While the number of openly LGBT journalists has flourished since NLGJA was formed 20 years ago, there are still some glaring holes. One is the lack of LGBT on-air reporters in television and the complete lack of LGBT anchors on the networks and cable news shows (Rachel Maddow and Jane Velez Mitchell are arguably not doing news, but instead commentary).
Another major gap is the lack of LGBT opinion columnists and pundits. With the exception of Deb Price, there are no major syndicated columnists who openly LGBT. There is a serious lack of LGBT voices on the op-ed pages of major newspapers and news websites. And openly LGBT people rarely show up as pundits on shows like Meet the Press, Face the Nation, or ABC’s This Week.
In a story for Mediate, I suggested 12 people who deserve to have a national audience. The list includes Jamie Kirchick, Jonathan Capehart, Jonathan Rauch, Andrew Sullivan, Frank Bruni, Karl Frisch, Pam Spaulding, Dan Savage, LZ Granderson, Sandip Roy, Kerry Eleveld, and Winnie Stachelberg.

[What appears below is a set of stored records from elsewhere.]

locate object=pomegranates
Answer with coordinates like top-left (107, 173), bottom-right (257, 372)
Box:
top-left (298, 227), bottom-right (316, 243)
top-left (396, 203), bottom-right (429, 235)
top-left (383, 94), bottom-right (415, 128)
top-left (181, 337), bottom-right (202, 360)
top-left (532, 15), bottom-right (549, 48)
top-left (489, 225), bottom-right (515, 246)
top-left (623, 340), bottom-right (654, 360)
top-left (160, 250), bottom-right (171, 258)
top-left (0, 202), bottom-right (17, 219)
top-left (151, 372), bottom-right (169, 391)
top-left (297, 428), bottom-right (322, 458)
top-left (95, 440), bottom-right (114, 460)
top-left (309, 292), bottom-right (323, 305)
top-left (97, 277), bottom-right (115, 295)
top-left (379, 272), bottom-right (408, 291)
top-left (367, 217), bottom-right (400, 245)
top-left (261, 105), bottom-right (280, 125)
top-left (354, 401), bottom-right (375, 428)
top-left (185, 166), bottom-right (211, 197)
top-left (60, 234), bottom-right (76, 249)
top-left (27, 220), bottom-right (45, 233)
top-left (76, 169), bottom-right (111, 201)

While there is some racial diversity in that group, it was far from perfect. The list also doesn’t include any transgender writers. What was surprising was the ideological variety. There were a number of people who are ideologically center-right or even conservative. And it didn’t require a lot of effort to find a good ideological mix.
Another challenge in compiling the list was uncertainty about whether some people were public about being LGBT. I mentioned two situations in the story, and there’s at least one other prominent blogger whose sexual orientation was rather vague.
But imagine if such a list were compiled 20 years ago or even 10 years ago. It would have likely been even more difficult to come up with 12 people and the diversity of that group would have been limited. That says something about how things are changing and why NLGJA matters and has an impact.